**ABOUT THIS EXERCISE**.
Output only the lines below that start at the line containing "menciptakan rasa aman" and end at the line containing "Noticinales", with both ends kept.

**EXTRACTED MATERIAL**.
◇ ◇ ◇

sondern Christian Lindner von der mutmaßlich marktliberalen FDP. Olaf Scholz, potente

◇ ◇ ◇

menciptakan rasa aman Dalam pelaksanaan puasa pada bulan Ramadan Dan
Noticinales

◇ ◇ ◇

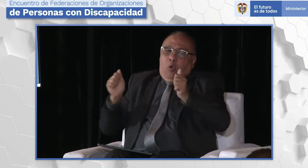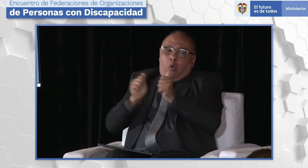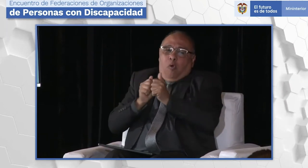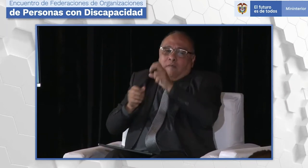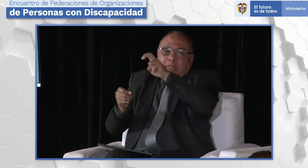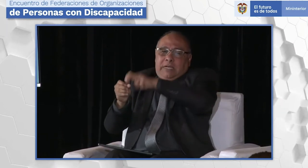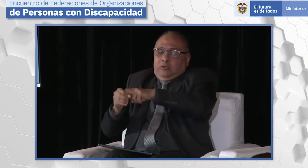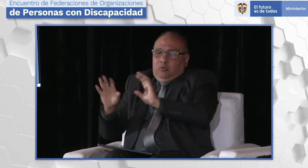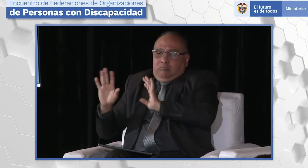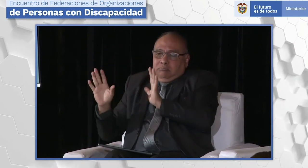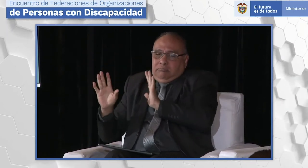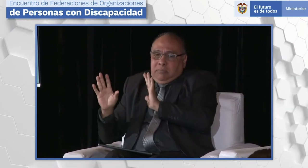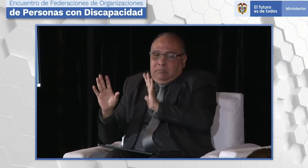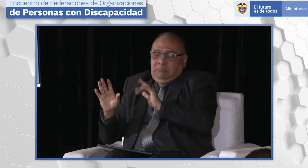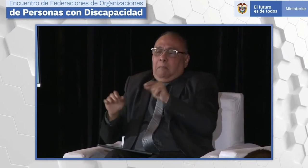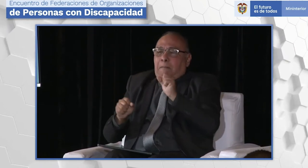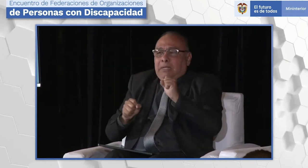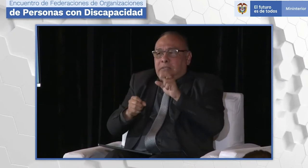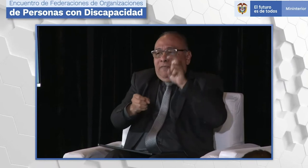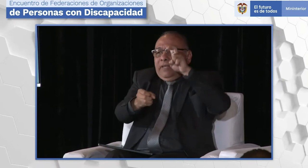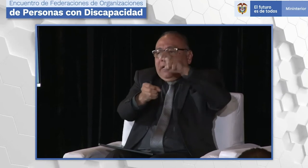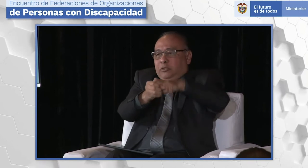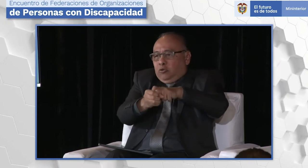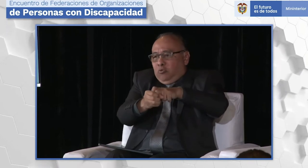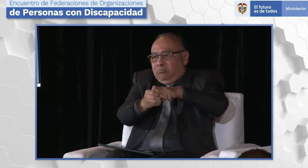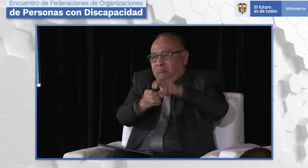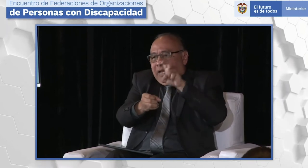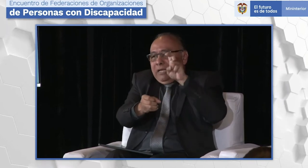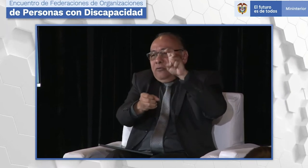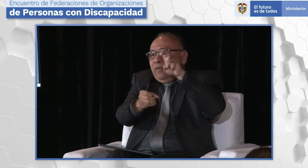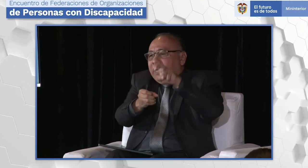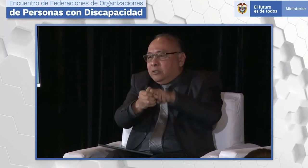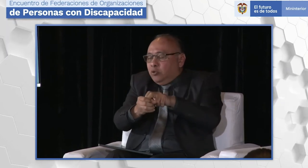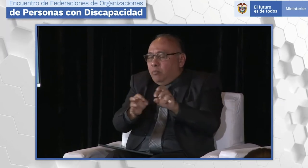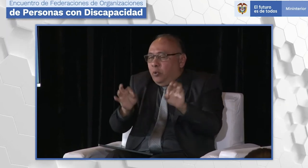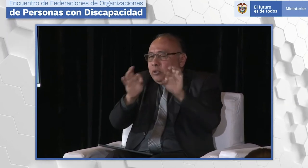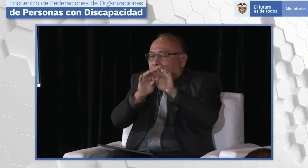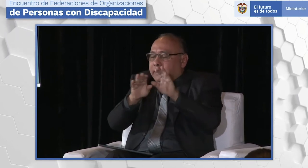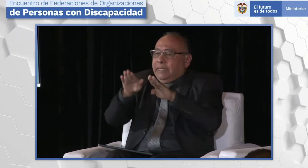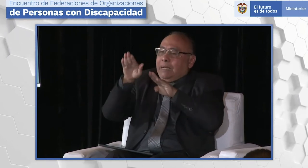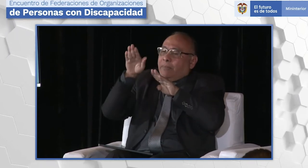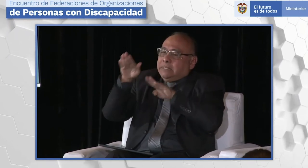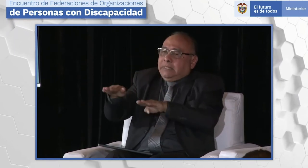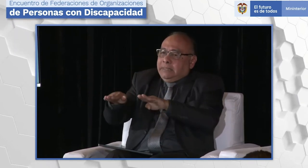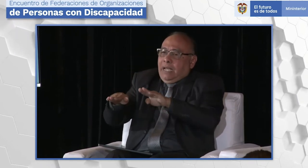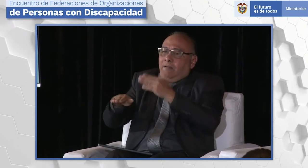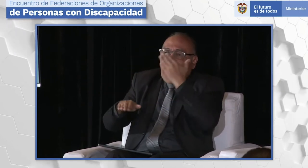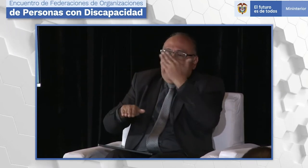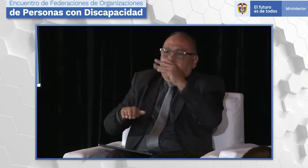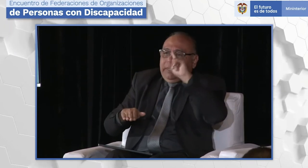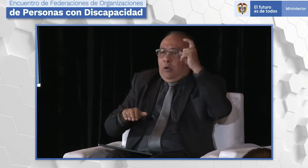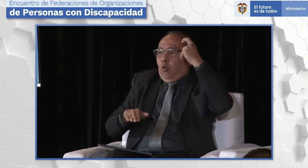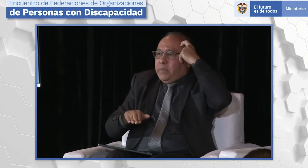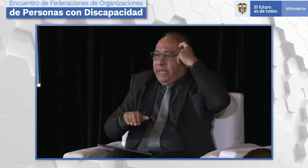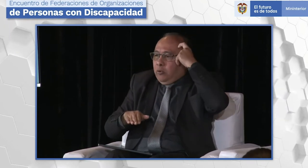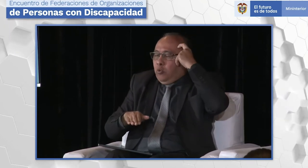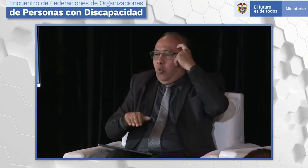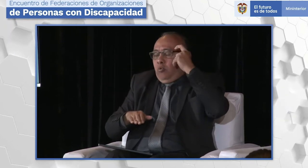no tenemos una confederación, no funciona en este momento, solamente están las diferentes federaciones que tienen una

◇ ◇ ◇

**RESPONSE FOR THIS EXERCISE**.
menciptakan rasa aman Dalam pelaksanaan puasa pada bulan Ramadan Dan
Noticinales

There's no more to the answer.